Robot control

From Wikipedia, the free encyclopedia

Robot control is the theory of how to model and control robots.

A simplistic model of a robot is to look at as a collection of links connected by joints. The tip of the robot (the end-effector) is commonly referred to as the tool center point or TCP. As the joints rotate and the links contract and expand, the TCP will change position.

It is of great importance to know the position of the TCP in world coordinates. For example, for a robot to weld in a straight line, the actuators in the joints of the robot have to be controlled in a complex manner.

[edit] Denavit-Hartenberg convention

To facilitate calculations, engineers use the Denavit-Hartenberg convention(D-H) to help them describe the positions of links and joints unambiguously. Every link gets its own coordinate system.
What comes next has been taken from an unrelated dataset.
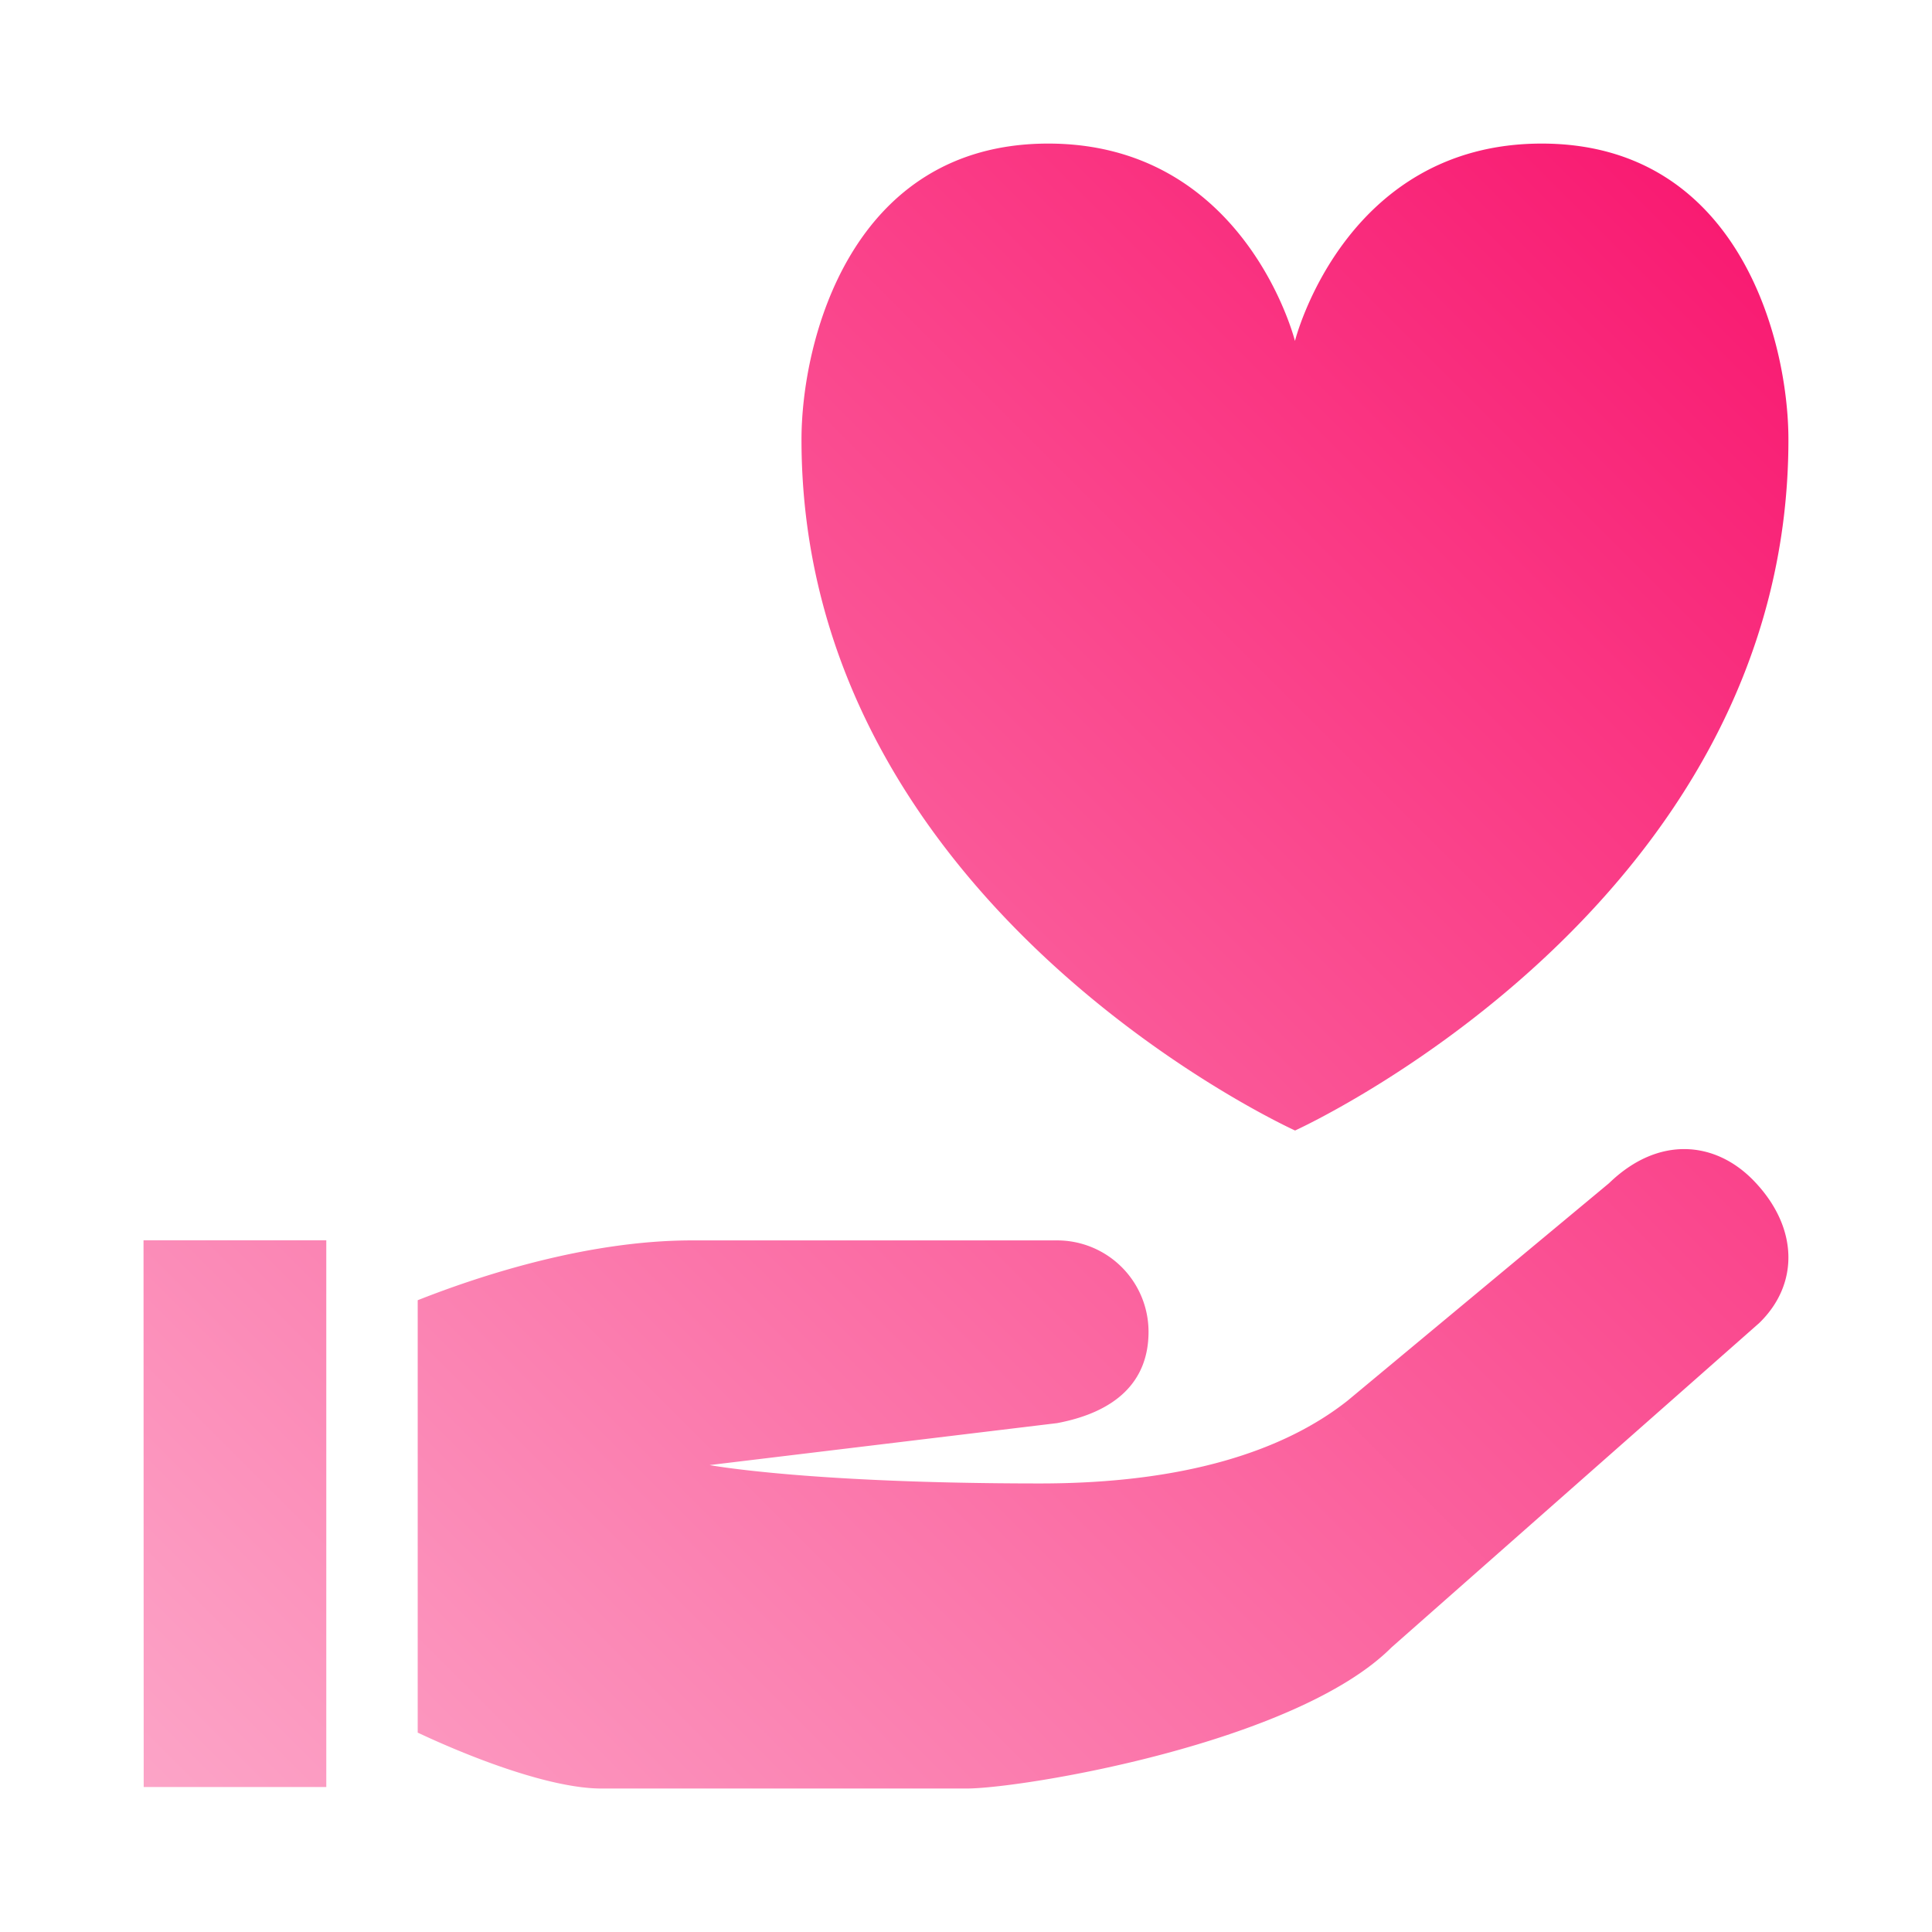 <svg xmlns="http://www.w3.org/2000/svg" xmlns:xlink="http://www.w3.org/1999/xlink" id="b342a670-916a-41e9-ac19-11ea29ff4425" data-name="Layer 1" viewBox="0 0 340.7 340.7"><defs><linearGradient id="a79ea7dd-7c13-49f0-8c2e-6cc294e1ab02" x1="39.23" y1="329.05" x2="316" y2="52.28" gradientUnits="userSpaceOnUse"><stop offset="0" stop-color="#fca4c7"></stop><stop offset="1" stop-color="#f91b72"></stop></linearGradient></defs><path d="M141.34,77.52c0-17.39,8.7-52.2,43.51-52.2s43.51,34.81,43.51,34.81,8.7-34.81,43.51-34.81,43.51,34.81,43.51,52.2c0,82.43-87,121.84-87,121.84S141.34,160,141.34,77.52Zm-116,237.61H57.54V218.72H25.31ZM283.75,208.65,237.64,247c-11.13,8.8-28.59,14.6-54.22,14.6-41,0-58.29-3.24-58.29-3.24l61.3-7.4c10.24-1.94,16.11-7.23,16.11-16.11a16.12,16.12,0,0,0-16.11-16.11H122c-18.51,0-37.55,6.28-48.34,10.55v76.25c10.18,4.78,23.65,9.82,32.32,9.86h64.41c9.93,0,58.13-8,75-24.89l64.84-57.2c7.09-6.87,6.93-16.9-.94-25.07C302.5,201.19,292.44,200.22,283.75,208.65Z" fill="url(#a79ea7dd-7c13-49f0-8c2e-6cc294e1ab02)"></path></svg>

There are a few rules to consider in choosing the coordinate system:

the $z$ -axis is in the direction of the joint axis
the $x$ -axis is parallel to the common normal or if there is no common normal, $x_n = z_{n - 1} \times z_n$
the $y$ -axis follows from the $x$ - and $z$ -axis by choosing it to be a right handed coordinate system.

Every link/joint pair can be described as a coordinate transformation from the previous coordinate system to the next coordinate system.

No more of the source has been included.